For continuous outcomes, to make use of all data, we will impute missing measures of variance using established methods [
40]. To ensure our imputations do not bias our results, we will conduct a sensitivity analysis to examine the missing data under random, completely at random and non-random assumptions.
The transitivity assumption will be assessed visually to ensure that potential effect modifiers (e.g. patient age, comorbidities) are balanced on average across comparisons [
41]. We expect that transitivity will be valid if the common intervention used to compare different KT interventions indirectly is similar when it appears in different trials. Consistency of the entire network will be assessed with the design-by-treatment interaction model [
42]. If inconsistency is found within the network, the loop-specific approach will be used to assess local inconsistency of the loops within each network [
43]. If the assumption of transitivity is valid and the evidence forms a connected network, we will conduct a NMA using a Bayesian random-effects model.
Across all analyses, the summary intervention effects will be presented using the odds ratio or mean difference with the corresponding 95% credible intervals. Predictive intervals will also be reported for meta-analyses and NMA point estimates. We will assess model convergence using the Gelman-Rubin diagnostic and goodness of model fit [
44] will be assessed using the posterior residual deviance, the degree of heterogeneity, and the Deviance Information Criterion (DIC) [
45]. A well-fitting model has a residual deviance close to the number of data points. A difference of ≥ 3 units in DIC is considered important and the lowest DIC value implies the best fitting model.

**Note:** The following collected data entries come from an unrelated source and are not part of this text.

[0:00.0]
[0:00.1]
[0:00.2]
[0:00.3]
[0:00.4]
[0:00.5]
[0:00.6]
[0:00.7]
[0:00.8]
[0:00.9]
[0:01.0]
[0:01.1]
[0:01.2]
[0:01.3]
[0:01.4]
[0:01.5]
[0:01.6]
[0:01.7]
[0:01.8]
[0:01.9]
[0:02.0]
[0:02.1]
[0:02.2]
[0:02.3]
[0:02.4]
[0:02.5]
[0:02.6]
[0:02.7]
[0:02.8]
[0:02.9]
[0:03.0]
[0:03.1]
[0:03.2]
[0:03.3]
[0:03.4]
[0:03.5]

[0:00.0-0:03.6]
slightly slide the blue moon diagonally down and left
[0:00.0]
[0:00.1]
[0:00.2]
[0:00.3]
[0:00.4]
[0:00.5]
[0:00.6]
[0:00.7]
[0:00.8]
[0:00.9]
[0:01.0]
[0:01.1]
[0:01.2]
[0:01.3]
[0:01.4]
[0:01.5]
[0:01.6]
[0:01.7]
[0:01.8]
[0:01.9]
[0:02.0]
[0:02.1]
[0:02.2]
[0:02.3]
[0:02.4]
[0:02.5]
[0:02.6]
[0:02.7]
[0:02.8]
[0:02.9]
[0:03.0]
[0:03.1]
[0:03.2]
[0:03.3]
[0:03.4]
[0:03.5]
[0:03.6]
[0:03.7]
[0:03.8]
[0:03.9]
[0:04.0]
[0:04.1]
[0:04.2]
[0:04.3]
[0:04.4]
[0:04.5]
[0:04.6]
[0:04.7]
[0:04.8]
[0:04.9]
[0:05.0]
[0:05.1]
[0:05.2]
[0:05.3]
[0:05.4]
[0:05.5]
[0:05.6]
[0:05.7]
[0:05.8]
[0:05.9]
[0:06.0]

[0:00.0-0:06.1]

Mean ranks and the surface under the cumulative ranking curves (SUCRAs) will be used to derive a relative ranking of the KT interventions based on the NMA results [
46]. Rank-heat plots will be used to display the intervention rankings across multiple outcomes [
47].
Network subgroup and meta-regression analyses will be done to explore potential effect modifiers that impact transitivity or consistency assumptions when ten or more studies are available in the underlying outcome. If there are a sufficient number of studies, we will explore the following potential effect modifiers: sex, type of chronic disease, cluster of diseases (as reported in the studies such as diabetes and depression), severity of chronic diseases, care setting, and duration of follow-up. Sensitivity analysis will be done whereby we use data from the following studies in the NMA: (1) studies at low risk of bias based on the two components of our risk of bias assessment found to be of the greatest threat to study validity and (2) studies with high participant retention. Since the NMA is dependent on different priors for variance parameters included in the Bayesian approach, we will conduct a sensitivity analysis using vague priors [
48]. All analyses will be performed within OpenBUGS, except for the consistency assessment that will be conducted in Stata using the
network command [
49,
50]. To ensure reproducibility, code listings or citations providing guidance on the methods employed in this NMA will be available upon request.